Photos by Discovery Channel and LeAnn Duncan

LeAnn Duncan checking out a stick. (DISCOVERY CHANNEL)

The following appears in the April issue of Alaska Sporting Journal: 

BY CHRIS COCOLES

Alaska’s LeAnn Duncan is OK with getting her hands dirty. She spent a decade in the Army – three in active duty and seven with the Army Reserves – while her son is currently active with his second tour in the Marines and her daughter briefly had a stint in the Army National Guard. 

“We come from a very long line of soldiers,” Duncan says.

But today she’s an accountant in the Anchorage area and while she still wonders how her life would be if she’d continued in her military career, a zest for adventure was calling, even if it meant shedding her Alaska roots, not to mention her clothes. 

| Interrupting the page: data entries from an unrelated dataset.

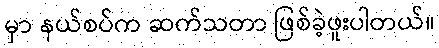
မှာ နယ်စပ်က ဆက်သတာ ဖြစ်ခဲ့ဖူးပါတယ်။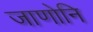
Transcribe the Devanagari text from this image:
जाणोनि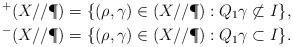
LaTeX: \begin{align*} ^+(X // \P) & = \{ (\rho, \gamma) \in (X // \P) : Q_1 \gamma \not \subset I \}, \\ ^-(X // \P) & = \{ (\rho, \gamma) \in (X // \P) : Q_1 \gamma \subset I \}.\end{align*}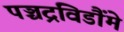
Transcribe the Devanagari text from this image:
पञ्चद्रविडौंमे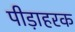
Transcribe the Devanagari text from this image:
पीड़ाहरक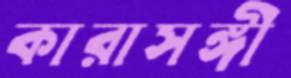
কারাসঙ্গী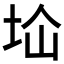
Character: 𱖙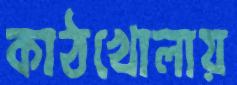
কাঠখোলায়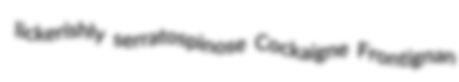
lickerishly serratospinose Cockaigne Frontignan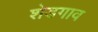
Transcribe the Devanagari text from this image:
शेडगाव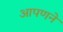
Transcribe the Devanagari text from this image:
आपणने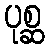
ပုစ္ဆ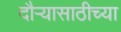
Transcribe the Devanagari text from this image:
दौऱ्यासाठीच्या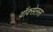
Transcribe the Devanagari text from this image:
वॉक्सेलस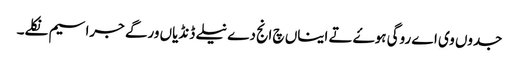
جدوں وی اے روگی ہوۓ تے ایناں چ انج دے نیلے ڈنڈیاں ورگے جراسیم نکلے۔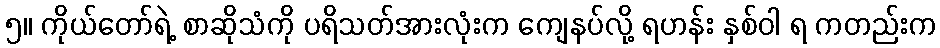
၅။ ကိုယ်တော်ရဲ့ စာဆိုသံကို ပရိသတ်အားလုံးက ကျေနပ်လို့ ရဟန်း နှစ်ဝါ ရ ကတည်းက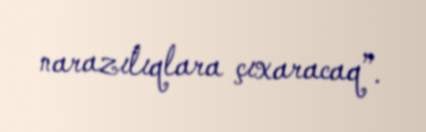
narazılıqlara çıxaracaq”.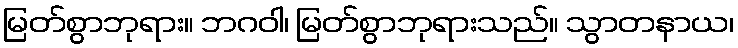
မြတ်စွာဘုရား။ ဘဂဝါ၊ မြတ်စွာဘုရားသည်။ သွာတနာယ၊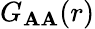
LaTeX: G_{\mathbf{A}\mathbf{A}}(r)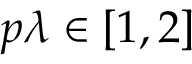
p \lambda \in [ 1 , 2 ]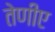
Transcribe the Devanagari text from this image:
तेणीए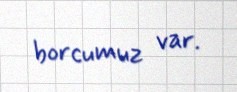
borcumuz var.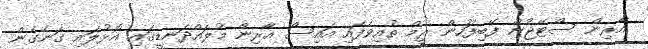
އާރިން ސްޓޭޖުން ފޭބިފަހުން ރީމް ތުއިވެފައި އައިސް އާރިން މުލައްދަނޑީގައި އޮޅުލައި ގަނެގެން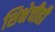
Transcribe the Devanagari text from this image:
शिक्षेचीही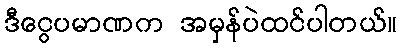
ဒီငွေပမာဏက အမှန်ပဲထင်ပါတယ်။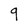
Character: q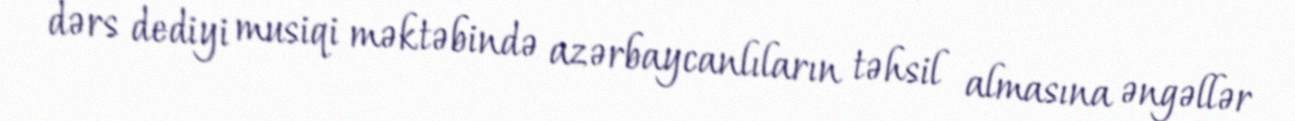
dərs dediyi musiqi məktəbində azərbaycanlıların təhsil almasına əngəllər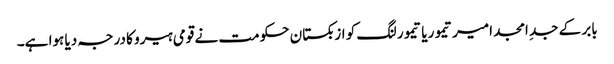
بابر کے جدِ امجد امیر تیمور یا تیمور لنگ کو ازبکستان حکومت نے قومی ہیرو کا درجہ دیا ہوا ہے۔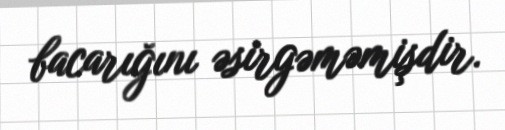
bacarığını əsirgəməmişdir.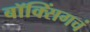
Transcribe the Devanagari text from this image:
बॉक्सिंगचं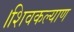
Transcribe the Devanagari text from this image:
।शिवकल्याण

Later this month, Duncan will appear in the Discovery Channel’s intriguing adventure series Naked and Afraid (her episode airs this Sunday night on the network). If you’re unaware about its hook, Naked and Afraid sends a man and a woman who’ve never met each other to a remote and potentially dangerous location somewhere on the globe. The catch? The newly matched team must strip down completely and each member is only allowed to bring one piece of survival gear to help along the way. Call it a survival-and-skin show if you like, but the contestants often struggle to handle the emotional and physical challenges while working together to try and last 21 days without clothes and just about anything else but each other.

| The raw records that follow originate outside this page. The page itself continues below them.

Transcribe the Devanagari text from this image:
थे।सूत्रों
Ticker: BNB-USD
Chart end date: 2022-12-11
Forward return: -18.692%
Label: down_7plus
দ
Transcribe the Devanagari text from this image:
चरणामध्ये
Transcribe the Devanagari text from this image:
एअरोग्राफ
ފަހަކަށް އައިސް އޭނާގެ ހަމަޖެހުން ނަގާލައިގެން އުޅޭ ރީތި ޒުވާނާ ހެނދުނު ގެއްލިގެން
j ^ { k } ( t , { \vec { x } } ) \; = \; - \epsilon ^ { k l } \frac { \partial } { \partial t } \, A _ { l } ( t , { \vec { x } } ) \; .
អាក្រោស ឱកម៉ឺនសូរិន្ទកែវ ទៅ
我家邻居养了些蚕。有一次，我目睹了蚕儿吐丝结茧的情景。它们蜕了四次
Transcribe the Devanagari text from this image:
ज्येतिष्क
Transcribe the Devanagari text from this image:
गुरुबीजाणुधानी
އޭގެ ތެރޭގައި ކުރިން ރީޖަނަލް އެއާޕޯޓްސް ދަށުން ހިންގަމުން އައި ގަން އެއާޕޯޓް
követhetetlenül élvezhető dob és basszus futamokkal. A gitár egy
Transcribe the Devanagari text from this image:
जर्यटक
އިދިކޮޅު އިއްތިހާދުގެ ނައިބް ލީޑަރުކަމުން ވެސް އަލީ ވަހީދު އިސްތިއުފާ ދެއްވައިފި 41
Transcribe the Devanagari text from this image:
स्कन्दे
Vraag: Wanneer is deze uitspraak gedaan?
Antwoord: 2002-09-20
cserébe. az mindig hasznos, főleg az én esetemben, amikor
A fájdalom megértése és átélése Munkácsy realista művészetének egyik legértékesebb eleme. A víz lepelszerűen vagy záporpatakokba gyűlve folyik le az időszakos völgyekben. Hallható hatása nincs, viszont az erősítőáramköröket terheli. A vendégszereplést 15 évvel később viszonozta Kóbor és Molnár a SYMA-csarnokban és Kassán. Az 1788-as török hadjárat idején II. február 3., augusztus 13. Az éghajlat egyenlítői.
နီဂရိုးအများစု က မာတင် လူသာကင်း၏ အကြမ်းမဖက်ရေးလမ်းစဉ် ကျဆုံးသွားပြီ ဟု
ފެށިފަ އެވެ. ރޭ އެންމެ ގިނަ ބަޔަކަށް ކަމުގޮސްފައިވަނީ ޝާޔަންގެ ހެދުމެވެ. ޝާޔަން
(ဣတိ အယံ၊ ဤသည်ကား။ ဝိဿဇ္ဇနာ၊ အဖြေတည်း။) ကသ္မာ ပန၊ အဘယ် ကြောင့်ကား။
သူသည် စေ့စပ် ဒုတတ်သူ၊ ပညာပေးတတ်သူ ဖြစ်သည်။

We recently caught up with Duncan to find out about her love of the Alaskan outdoors, harvesting her first caribou just last year and a sneak preview of her Naked and Afraid experience in crocodile-filled and hurricane-ravaged Indio Maíz, Nicaragua. 

Chris Cocoles So what’s your background in Alaska and your connection to the outdoors?

LeAnn Duncan I was born and raised here and my family would always take me up to Nancy Lake and we would go camping and hiking, all that stuff. I was in the Army for 10 years, so I did leave for a while, and I came back to Alaska. It’s really a hard place to get out of your system. This is my home; this is where I’m supposed to be. And my grandfather was a homesteader back in the 1940s and 1950s. So it kind of runs in my blood.

CC How much were the outdoors a big part of our life?

LD I’m a tomboy, so I spent a lot of my time outside until it got dark and then our parents would make us come in. I would be running through the woods and the neighborhood. That was pretty much what we did.

CC Where did you grow up?

LD We lived in Anchorage and pretty much would spend the summers at Nancy Lake; I think that’s maybe an hour and 30 minutes from here. My dad would put us in the back of the truck and haul us out there with as many people who could fit in the cab.

CC Did you do lots of fishing and hunting?

LD Lots of fishing, mostly. I actually got started late in life with hunting, and that was an interesting turn of events for me. We were definitely fishing all the time around the Kenai when there was combat fishing, so lots of elbow to elbow. We were pretty much just fishers, but my dad would bring home caribou and hang it up in the garage and we would help him with that. But I never got to go hunting with him until I turned 44 just this last year. And I got my first caribou last year. 

CC That’s fantastic!

LD I’ve shot plenty of grouse and (other) birds with both my shotgun and my bow. But that was my first really big animal.

CC What was it like to hunt caribou with your dad after all these years?

LD I was actually really happy I got invited to go hunting with my dad. It was one of those things that you think you would do as a kid, but it just never happened. I was very excited he and his wife invited us for a two-week hunting trip out in the middle of nowhere. 

CC Where did you hunt?

LD It was actually up the Maclaren River, up by Paxson. I think it was like a five-hour car trip, and at the Maclaren Lodge we ran 60 miles up the river in an airboat. My dad has a nice camp set up to be out there for two weeks. I was only able to go for about four days between tax time. I was really lucky that I was able to work some magic just to get out of here.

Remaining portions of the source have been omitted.